Why can’t the bad apples wear name tags? Sorting out good from bad in forensics

As we have written on this blog many times, it is incumbent upon everyone (judges, prosecutors, jurors, defendants, and defense counsel) involved in the criminal justice system to be skeptical of the forensic science reports produced in court. In fact, it is essential. The few bad apples don’t wear name tags around their necks that tells us that they are the bad apple. The scientific way is that of skepticism until verifiable, validated proof is presented.


Here is a trying story of a bad apple that went undetected and even rewarded through the years. It is a cautionary tale of what can happen and what can go undetected for many years. We need to be skeptical.

According to an article published last week in the Huffington Post:

North Carolina State Bureau of Investigation Forensics Scandal Grows With New Evidence of Fraud

A forensics expert for the North Carolina State Bureau of Investigation repeatedly lied on the stand while providing testimony crucial to the 2003 conviction of a novelist accused of murdering his wife, a state judge wrote in a lengthy order published last week.

Michael Peterson’s conviction was overturned and he was granted a new trial in December 2011. In his May 9 order, Durham County Judge Orlando Hudson affirmed the decision and described at length how the expert, Duane Deaver, an agent with the North Carolina State Bureau of Investigation, misled the jury about his qualifications and the reliability of his scientific opinions in the Peterson case.

The revelations of misconduct in the Peterson case are only the latest developments in a nearly three-year scandal that has badly battered the credibility of North Carolina’s criminal justice system. An independent audit completed in 2010 found that agents at the state crime lab manipulated and withheld the results of hundreds of tests to confirm the presence of blood, tainting prosecutions based on that evidence. Deaver was implicated in some of the most serious misconduct, including hiding exculpatory test results from defense attorneys in a murder case.

The allegations in Hudson’s order involve the agency’s bloodstain analysis unit, which was separate from the blood analysis unit and not previously implicated. Bloodstain analysis examines stains to determine how a violent crime may have been committed. Deaver led the unit and trained other agents who worked there in bloodstain analysis.

“Obviously, the findings call into question another major area where there apparently was also widespread misconduct,” said James Coleman, a professor at the Duke University law school and cofounder of the law school’s Wrongful Convictions Clinic. “It’s just another indication of how broad the problem likely is.”

An attorney for Deaver did not respond to a request for comment.

Hudson accused Deaver of perjuring himself while testifying against Peterson, a Durham novelist whose wife’s dead body was found in 2001 at the bottom of a flight of stairs in their home. Peterson argued that his wife died as a result of an accidental fall. Prosecutors called it premeditated murder, relying on Deaver’s interpretation of blood stains.

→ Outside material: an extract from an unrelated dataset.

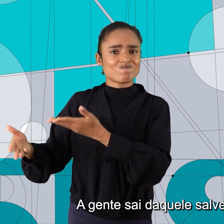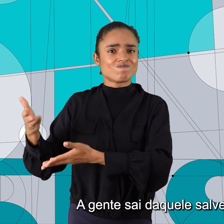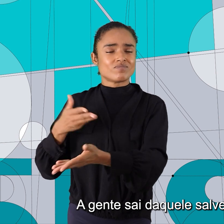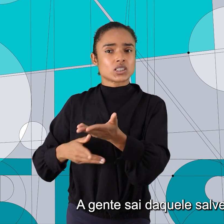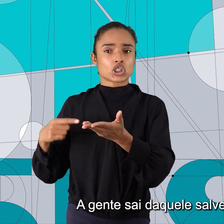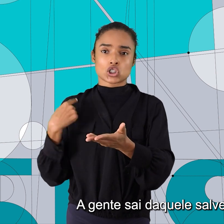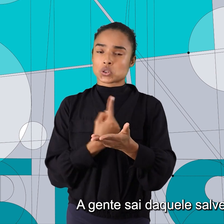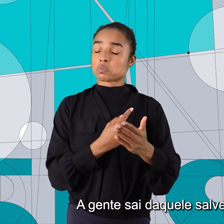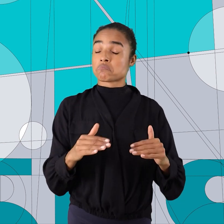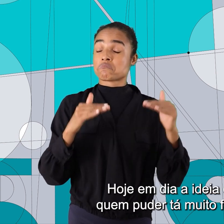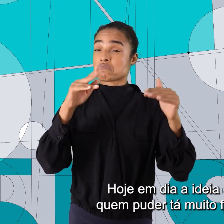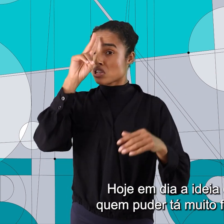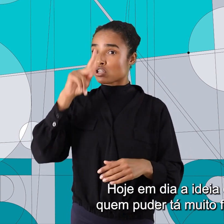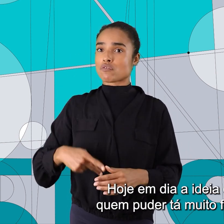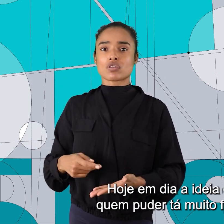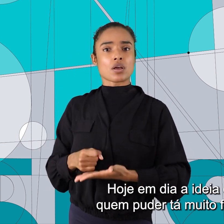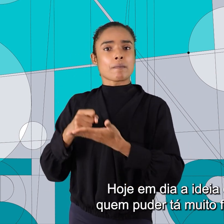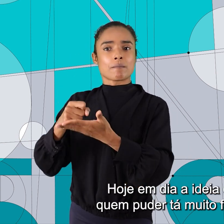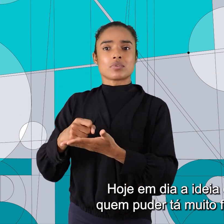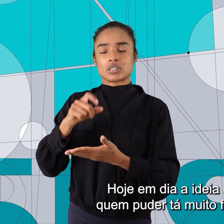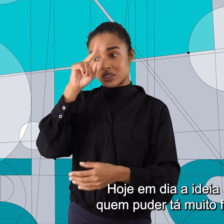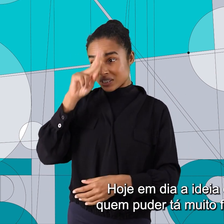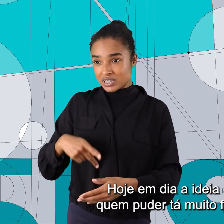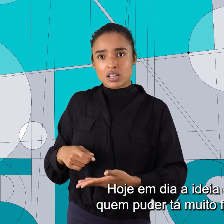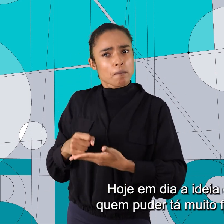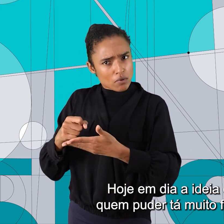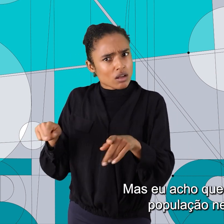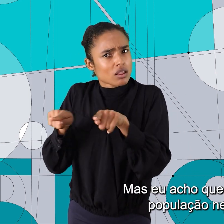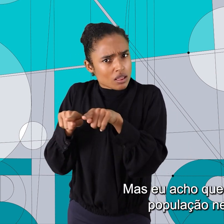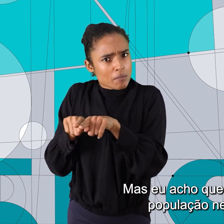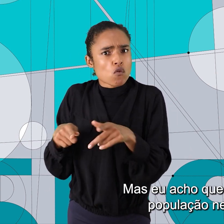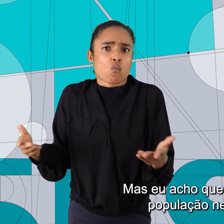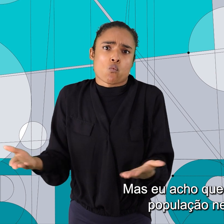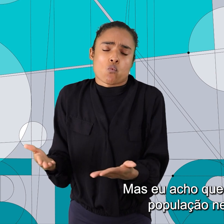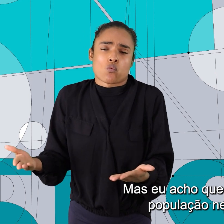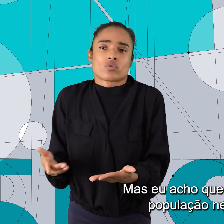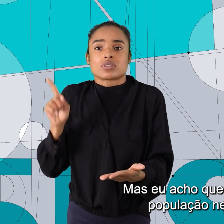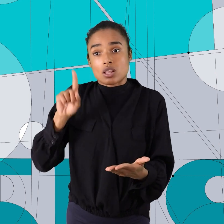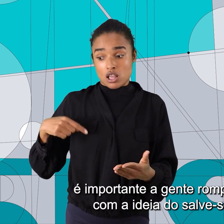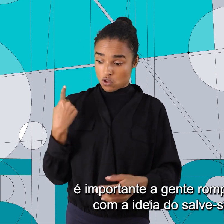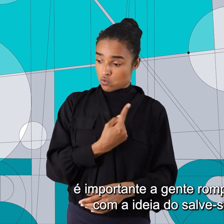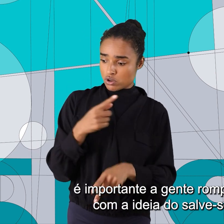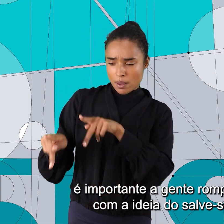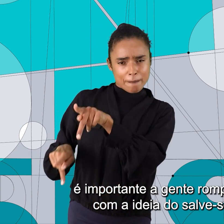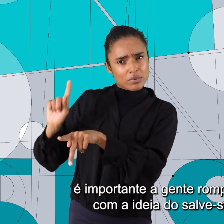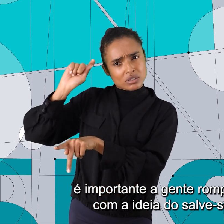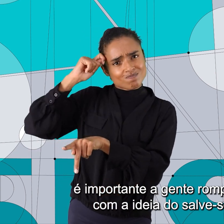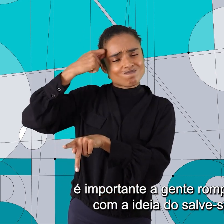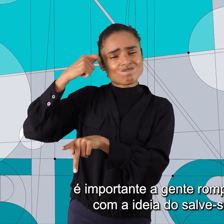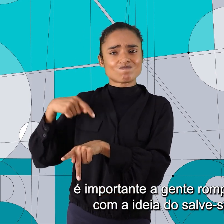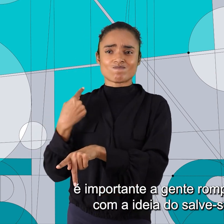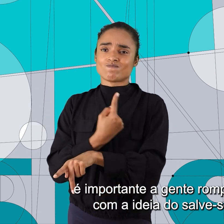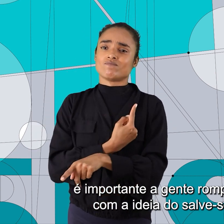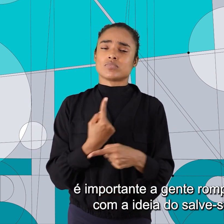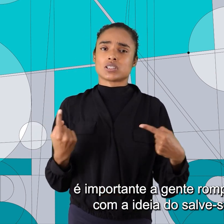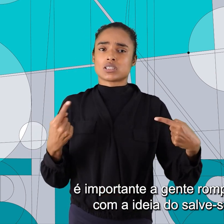A gente sai daquele salve-se quem puder. Hoje em dia, a de salve-se quem puder está muito forte também. Mas eu acho que para nós, população negra, é importante a gente romper mais

But an investigation by Peterson’s lawyers found that Deaver grossly exaggerated his experience in analyzing bloodstains at crime scenes during the trial and that the experiments he conducted in the Peterson case were amateurish and unscientific. Deaver had a degree in zoology and lied about being tutored in bloodstain analysis by a senior expert in the field.

Deaver “deliberately and intentionally misled the jury at Mr. Peterson’s trial about the scientific basis and acceptability of his opinions, methods and experiments,” Hudson wrote.

The case against Peterson was circumstantial, and Deaver’s expert testimony was the only evidence presented to the jury to support the state’s charge of premeditated murder. From the stand, Deaver told the jury that he worked on 500 cases involving bloodstain analysis. In fact, he had worked on just 54 bloodstain cases. Deaver also testified that he worked on 15 cases where he was called on to use bloodstain analysis to distinguish an accidental fall from an assault. Records showed Deaver had done no such work.

Hudson said from the bench that he believed Deaver was guilty of perjury in the case. But no charges have been filed against him. In response to queries from the Huffington Post about whether charges would be brought against Deaver, Noelle Talley, a spokeswoman for the attorney general’s office, said that is the responsibility of county prosecutors.

“In North Carolina, criminal prosecutorial decisions are made by District Attorneys who are locally elected by the people of their districts,” Talley said in an email.

Roy Cooper, the attorney general, confirmed in January 2012 that an internal investigation was underway of past cases involving the state’s bloodstain analysis unit, which was disbanded in 2011. Talley did not respond to a request for comment on the probe.

Deaver, who was fired in January 2011, is also at the center of a growing web of litigation that could ultimately cost North Carolina millions. In one lawsuit, he is accused of deliberately withholding lab results that would have helped prove the innocence of a Raleigh man accused of murdering a prostitute. That man, Greg Taylor, spent nearly 20 years in prison before being exonerated by a state commission charged with investigating prisoners’ claims of innocence.

Peterson has been released on bond pending a new trial.